В шенкурском случае ярко сказалась близость девичьего убора к женскому. Такая близость проявляется ещё и в некоторых местных названиях: девичий венок (убор) носит кое-где имя типичного женского убора; напр., у киевских украинцев около Умани (Основа, 1861, № 11—12, с. 28), равно как у курских великорусов около Корочи девичий убор зовется: ки?чка (ср. § 5), а у украинцев Переяславского уезда Полтавской губернии — гибáлка (§ 6). Тут сказалось и сходство формы: в сущности девичьи уборы отличаются от женских только отсутствием верха на макушке; могли тут отразиться и случаи, когда девицы по выходе замуж переделывали свои девичьи головные уборы на женские.
Срв. аналогичную разницу в рисунке головного платка у украинцев Житомирского уезда: у замужних головные платки должны быть клетчатые, а у девиц разнообразные, но отнюдь не клетчатые (Труды Общества Исследователей Волыни, III, 1910, с. 6, статья С. Бельского).
§ 3. О причёске замужних женщин.
§ 3. В 1857 г. священник Бельского уезда Гродненской г.
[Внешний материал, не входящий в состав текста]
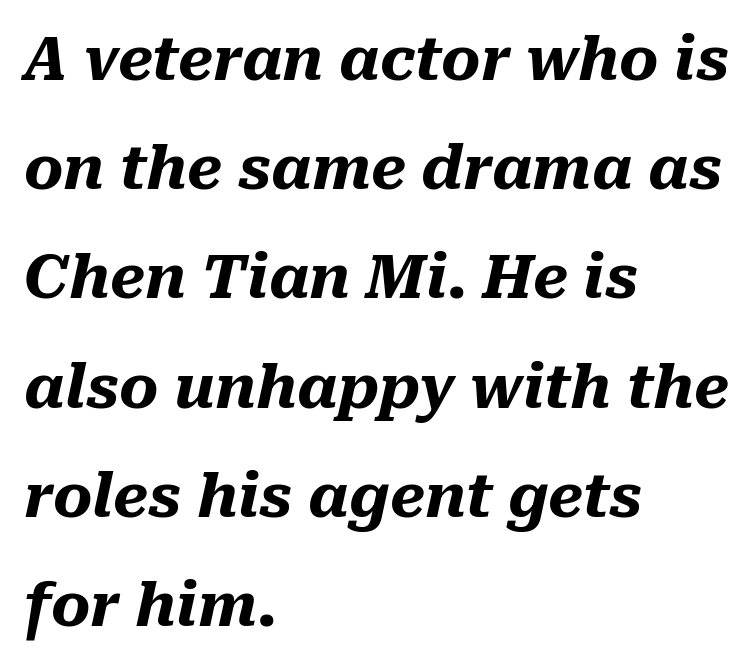
The image shows 60 px heavy type, italic (leaning right); set left-aligned, line spacing 1.82x, normal letter spacing, not underlined; medium stroke contrast and a medium x-height.
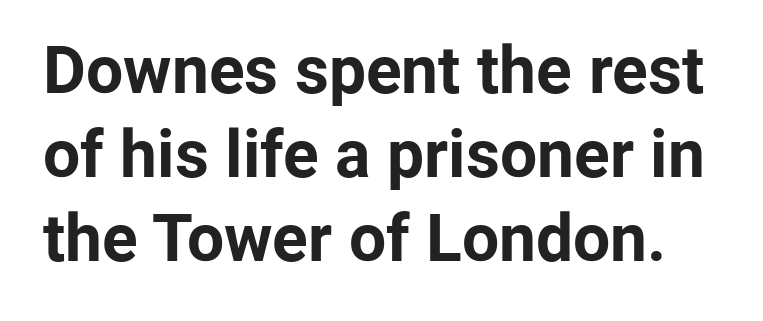
Q: Is the text bold? A: Yes.
Q: Is the text italic (slanted)? A: No, it is upright.
Q: Is the typeface a serif or a sans-serif typeface? A: Sans-serif.
Q: Is the text underlined? A: No.
Q: Is the spacing between letters normal or unusually wide? A: Normal.
Q: Is the spacing between lines tight, normal or loose? A: Normal.
Q: Width (condensed, normal, or wide)? A: Normal.
Q: Stroke contrast? A: Low.
Q: x-height? A: Medium.
Q: Monospaced? A: No.
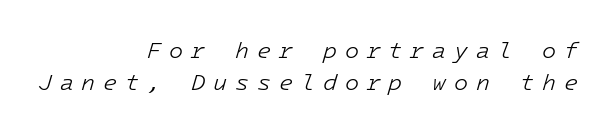
Q: Is the text bold? A: No.
Q: Is the text italic (slanted)? A: Yes, it leans right by about 16 degrees.
Q: Is the text underlined? A: No.
Q: How is the paragraph aligned? A: Right-aligned.
Q: Is the spacing between letters normal or unusually wide? A: Unusually wide.
Q: Is the spacing between lines tight, normal or loose? A: Normal.
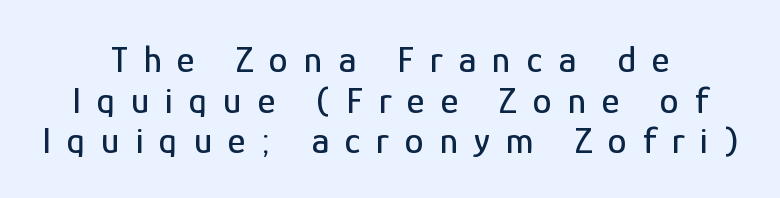
{"serif": "no", "italic": "no", "width": "condensed", "stroke_contrast": "low", "x_height": "medium", "monospaced": "no", "underline": "no", "line_spacing": "tight", "line_spacing_ratio": 1.07, "letter_spacing": "wide", "letter_spacing_em": 0.42, "glyph_px": 38}
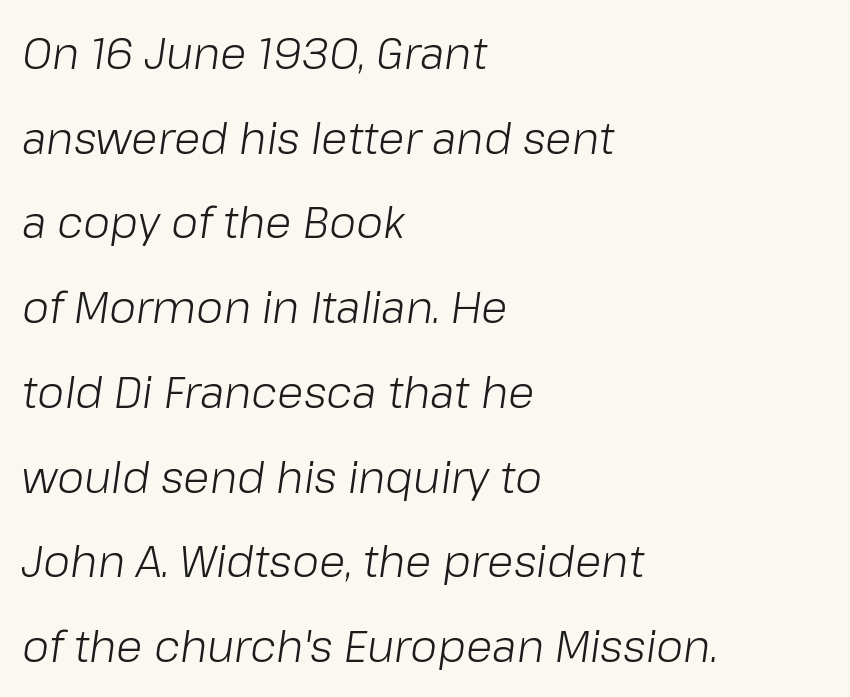
{"italic": "yes", "lean": "right", "slant_degrees": 8, "bold": "no", "weight": "light", "width": "normal", "stroke_contrast": "low", "x_height": "medium", "monospaced": "no", "underline": "no", "align": "left", "line_spacing": "loose", "line_spacing_ratio": 1.97, "letter_spacing": "normal", "letter_spacing_em": 0.0, "glyph_px": 43}
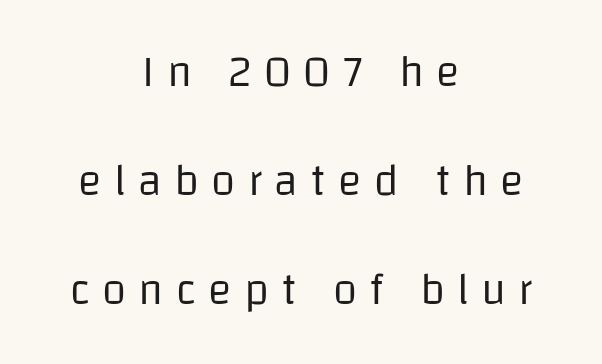
How would I describe the line gaps? Wide and relaxed. Compared with typical body copy, the letter spacing here is much looser. These lines were composed using upright roman letters. This sample uses a sans-serif face. The paragraph has two soft edges and a firm central axis.
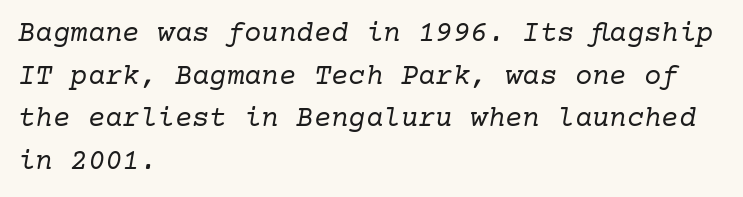
Q: Is the text bold? A: No.
Q: Is the text italic (slanted)? A: Yes, it leans right by about 10 degrees.
Q: Is the typeface a serif or a sans-serif typeface? A: Serif.
Q: Is the text underlined? A: No.
Q: How is the paragraph aligned? A: Left-aligned.
Q: Is the spacing between letters normal or unusually wide? A: Normal.
Q: Is the spacing between lines tight, normal or loose? A: Normal.
Q: Width (condensed, normal, or wide)? A: Normal.
Q: Stroke contrast? A: Low.
Q: x-height? A: Medium.

К. Бренн писал: «девицам неодобрительного поведения, особенно прижившим незаконно ребёнка, наши селяне воспрещают носить косы» (Зеленин, Опис. рукоп. 437). Подобные же известия имеются и из Гомельского уезда Могилёвской губ., и из некоторых иных мест (ibid. 702).
Рис. 8. Белорусская наметка Игуменского уезда (сбоку).
(Русский Музей).
Рядом имеются сообщения, что замужние женщины никогда не заплетают своих волос в косы. В Гайсинском уезде Подолии плесть косу женщине считалось «большим грехом» (ibid. 1065); вдовы и замужние укладывают свои волосы вокруг головы, не сплетая их, а лишь разделяя на две части и иногда связывая шнурком (ibid. 437, 444 — Гродненская губ.). Требование это, однако, не является всеобщим; чаще женщины плетут две косы, но они тщательно покрывают их головным убором и никому не показывают.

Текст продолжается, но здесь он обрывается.